91Ó°ÊÓ

Calculating limits is a fundamental aspect of calculus, which helps us understand the behavior of functions as they approach specific values. In simple terms, a limit evaluates what value a function approaches as the input gets nearer to a particular point. This becomes especially crucial when direct substitution doesn't provide a straightforward answer, such as at points of discontinuity or singularity.

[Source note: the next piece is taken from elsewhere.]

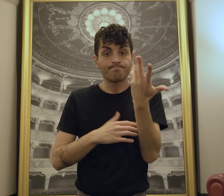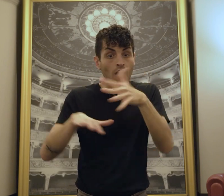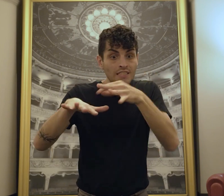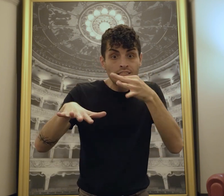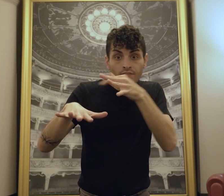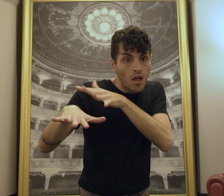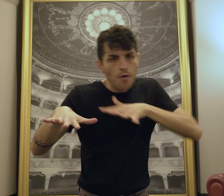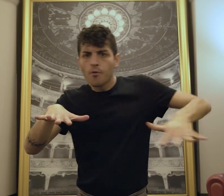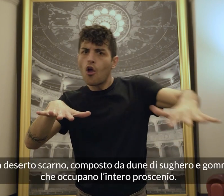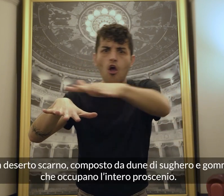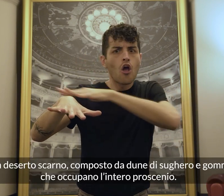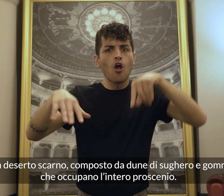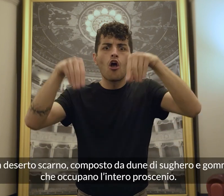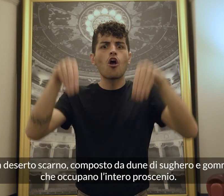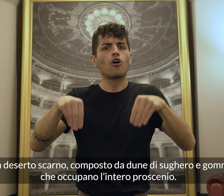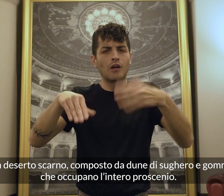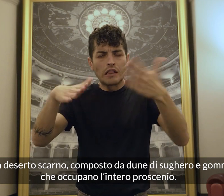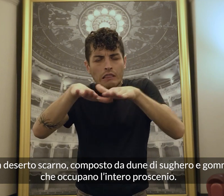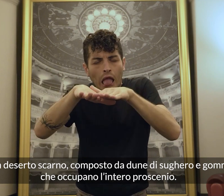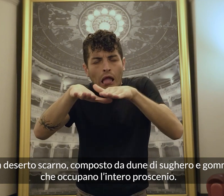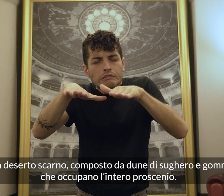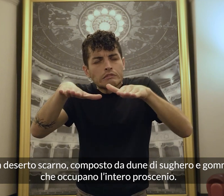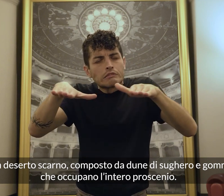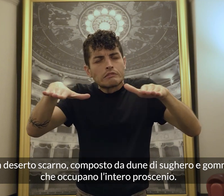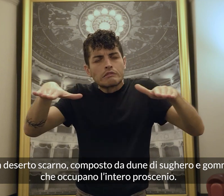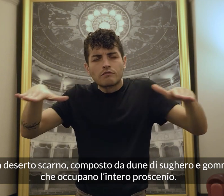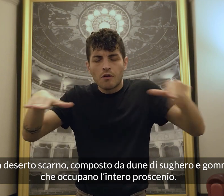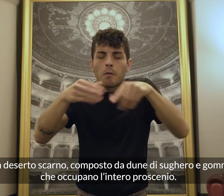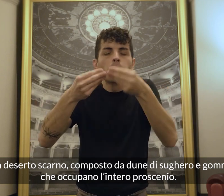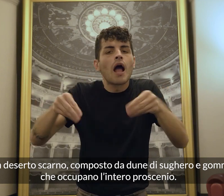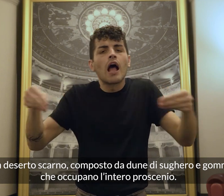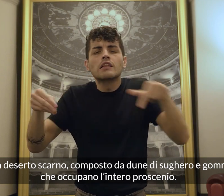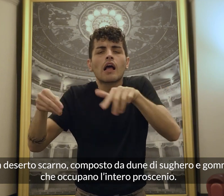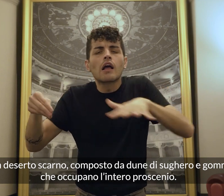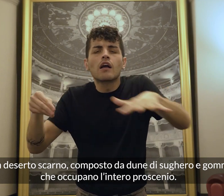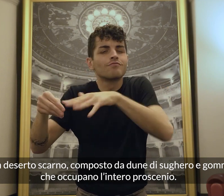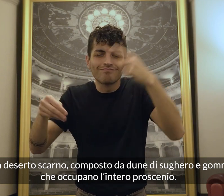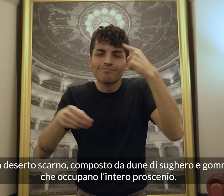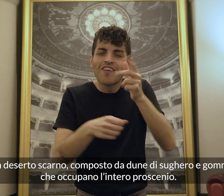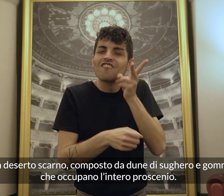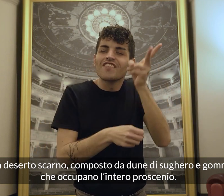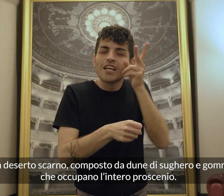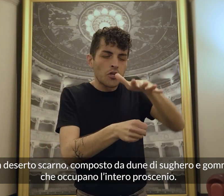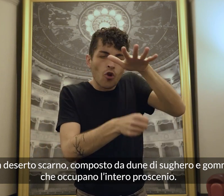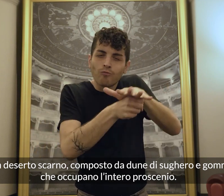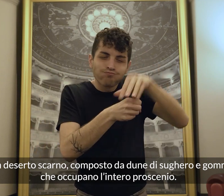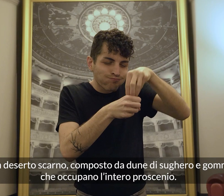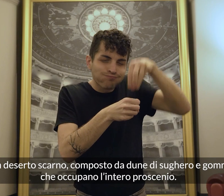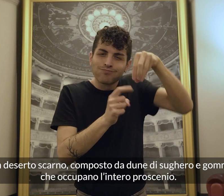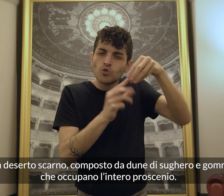È un deserto scarno composto da dune di sughero e gomma che occupano l

The exercise we are examining involves computing the limit of a difference of fractions, which inherently can be tricky due to potential points of singularity. To handle this, it is essential to simplify the expression first. For this problem, knowing that \[ x^2 - 1 = (x-1)(x+1) \]is essential as it allows us to combine fractions and better understand the function's behavior as \(x\) approaches 1. By simplifying the expression \[ \frac{1}{x-1} - \frac{a}{x^2-1} \]to \[ \frac{(x+1) - a}{(x-1)(x+1)} \],we set the stage for successfully calculating the limit.

Singularity in limits occurs where a function does not have a well-defined output at certain points, typically due to division by zero or other undefined expressions. In the problem, the singularity arises because both \( x-1 \) and \( x^2-1 \) incorporate factors that cancel out, causing potential undefined behavior at \( x = 1 \).

Recognizing singular points is crucial in limit problems. These are often where a function behaves unpredictably, requiring careful analysis. Here, simplifying the expression gives us insights into how to handle the singularity. Essentially, the singularity at \( x = 1 \) can potentially be removed if the numerator also becomes zero at that point, leading to a finite limit.

In our scenario, setting \( a = 2 \) ensures that the numerator becomes zero when \( x = 1 \):\[ 2 - a = 0 \] This balances the equation, allowing for cancellation of the undefined parts and yielding a meaningful limit.

L'Hopital's Rule is a valuable tool in calculus for determining limits that initially appear as indeterminate forms such as \( \frac{0}{0} \) or \( \frac{\infty}{\infty} \). The rule states that if given a limit of the form \( \frac{0}{0} \) or \( \frac{\infty}{\infty} \), we can differentiate the numerator and denominator separately and then take the limit again.

In our exercise, once we have simplified and reached the expression \[ \frac{0}{(x-1)(x+1)} \], the use of L'Hopital's Rule confirms the limit calculation. By differentiating the components and reevaluating the limit, we can ascertain whether the function approaches a finite value as \( x \) nears 1.

For this problem, differentiation of \( 2 - x \) and \((x-1)(x+1)\) aids in clearing the indeterminate form. Although L'Hopital's Rule can simplify many singular points, here, understanding how \( a = 2 \) handles the numerical zeroing is vital, leading to a solution of \[ \frac{1}{2} \]​​when \( x \) approaches 1.